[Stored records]

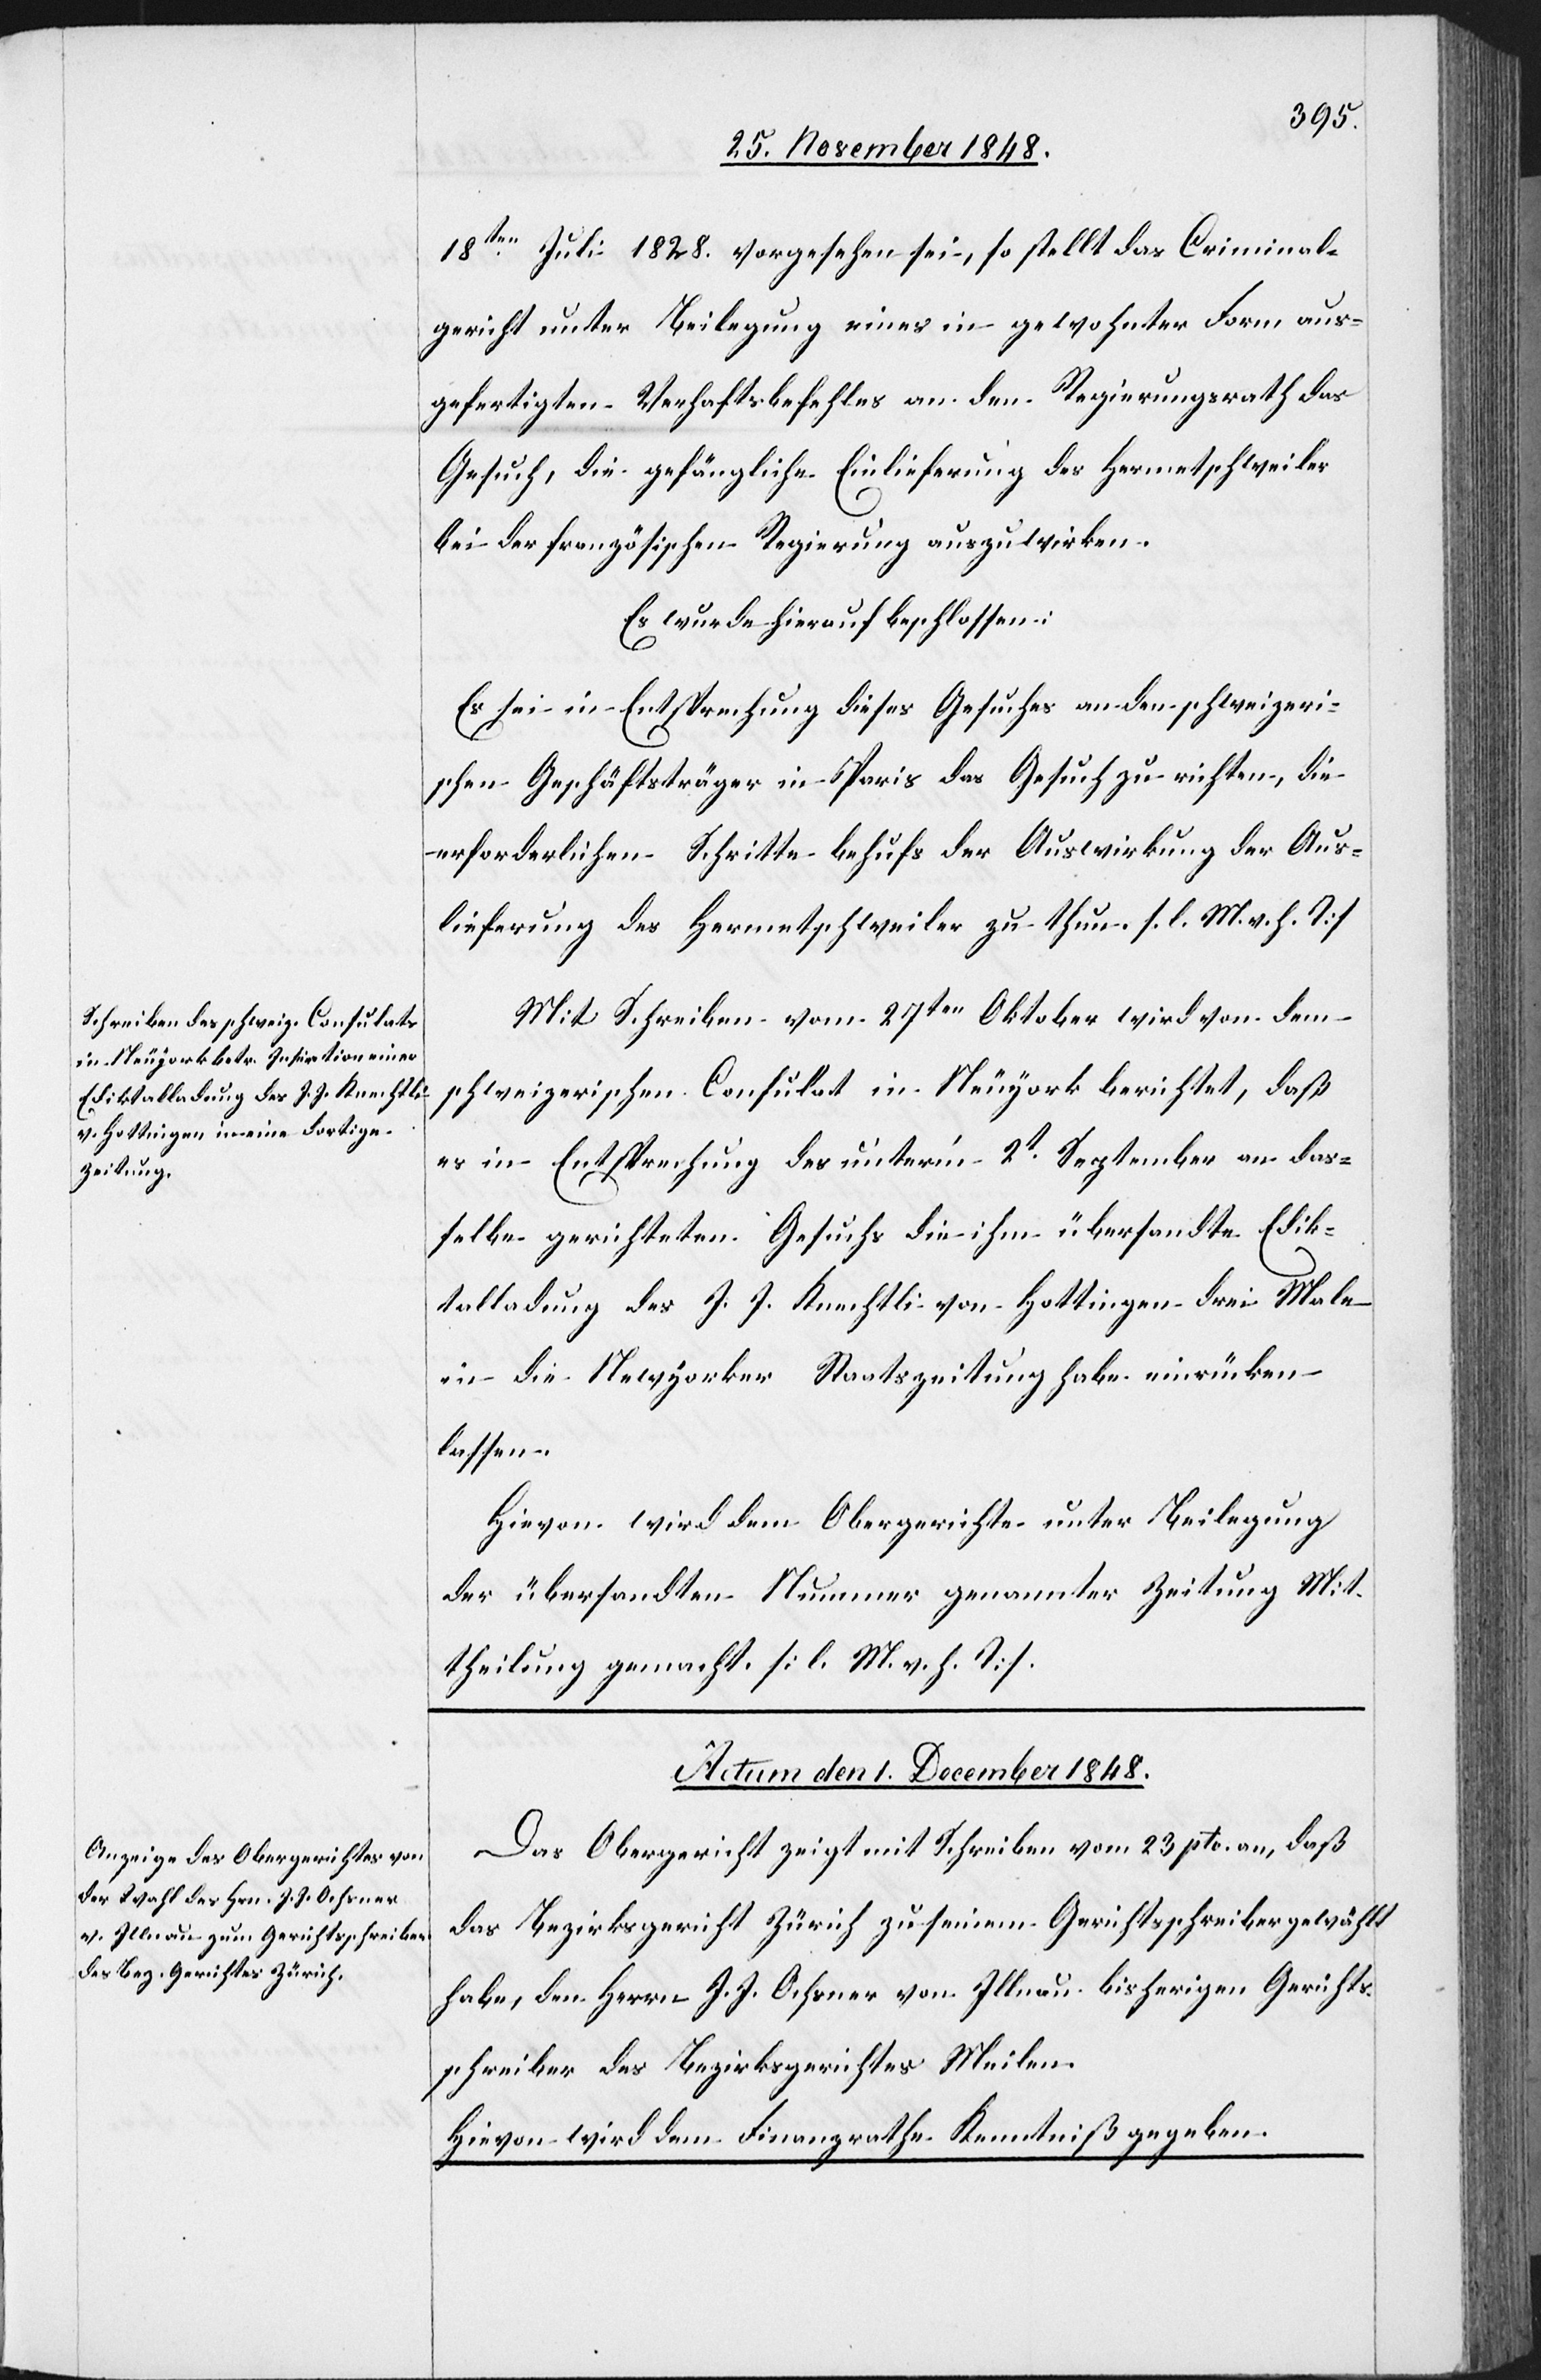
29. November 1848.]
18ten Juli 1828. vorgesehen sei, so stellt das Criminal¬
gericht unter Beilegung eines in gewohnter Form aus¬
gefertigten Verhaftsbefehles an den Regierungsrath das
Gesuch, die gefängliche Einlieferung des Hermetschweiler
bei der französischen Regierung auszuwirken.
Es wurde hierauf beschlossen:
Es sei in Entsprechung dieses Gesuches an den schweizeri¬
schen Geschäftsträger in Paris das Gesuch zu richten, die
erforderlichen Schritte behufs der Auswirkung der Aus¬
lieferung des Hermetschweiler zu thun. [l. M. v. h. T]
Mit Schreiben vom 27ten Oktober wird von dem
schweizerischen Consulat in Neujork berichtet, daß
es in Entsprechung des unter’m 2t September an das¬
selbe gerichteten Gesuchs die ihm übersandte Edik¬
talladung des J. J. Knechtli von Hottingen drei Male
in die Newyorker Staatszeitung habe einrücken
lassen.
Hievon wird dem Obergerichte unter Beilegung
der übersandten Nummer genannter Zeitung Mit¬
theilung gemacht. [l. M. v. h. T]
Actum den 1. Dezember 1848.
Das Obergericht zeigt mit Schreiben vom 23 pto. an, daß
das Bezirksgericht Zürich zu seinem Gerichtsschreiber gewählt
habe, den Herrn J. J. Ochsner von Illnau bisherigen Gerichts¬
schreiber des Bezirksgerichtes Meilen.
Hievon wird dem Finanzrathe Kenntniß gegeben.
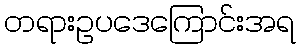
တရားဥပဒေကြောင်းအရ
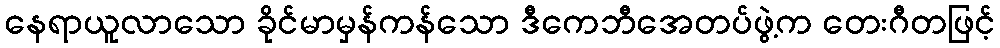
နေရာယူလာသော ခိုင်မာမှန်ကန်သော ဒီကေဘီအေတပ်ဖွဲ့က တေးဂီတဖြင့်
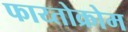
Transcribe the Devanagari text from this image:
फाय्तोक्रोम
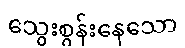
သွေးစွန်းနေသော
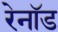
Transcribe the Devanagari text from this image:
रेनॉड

* **WORK TO COMPLETE**: Write out again only the lines from the line that contains "der übersandten Nummer genannter Zeitung Mit¬" through the last line of the records, both ends included, without any of the pictures.

* **YOUR SOLUTION**:
der übersandten Nummer genannter Zeitung Mit¬
theilung gemacht. [l. M. v. h. T]
Actum den 1. Dezember 1848.
Das Obergericht zeigt mit Schreiben vom 23 pto. an, daß
das Bezirksgericht Zürich zu seinem Gerichtsschreiber gewählt
habe, den Herrn J. J. Ochsner von Illnau bisherigen Gerichts¬
schreiber des Bezirksgerichtes Meilen.
Hievon wird dem Finanzrathe Kenntniß gegeben.
တရားဥပဒေကြောင်းအရ
နေရာယူလာသော ခိုင်မာမှန်ကန်သော ဒီကေဘီအေတပ်ဖွဲ့က တေးဂီတဖြင့်
Transcribe the Devanagari text from this image:
फाय्तोक्रोम
သွေးစွန်းနေသော
Transcribe the Devanagari text from this image:
रेनॉड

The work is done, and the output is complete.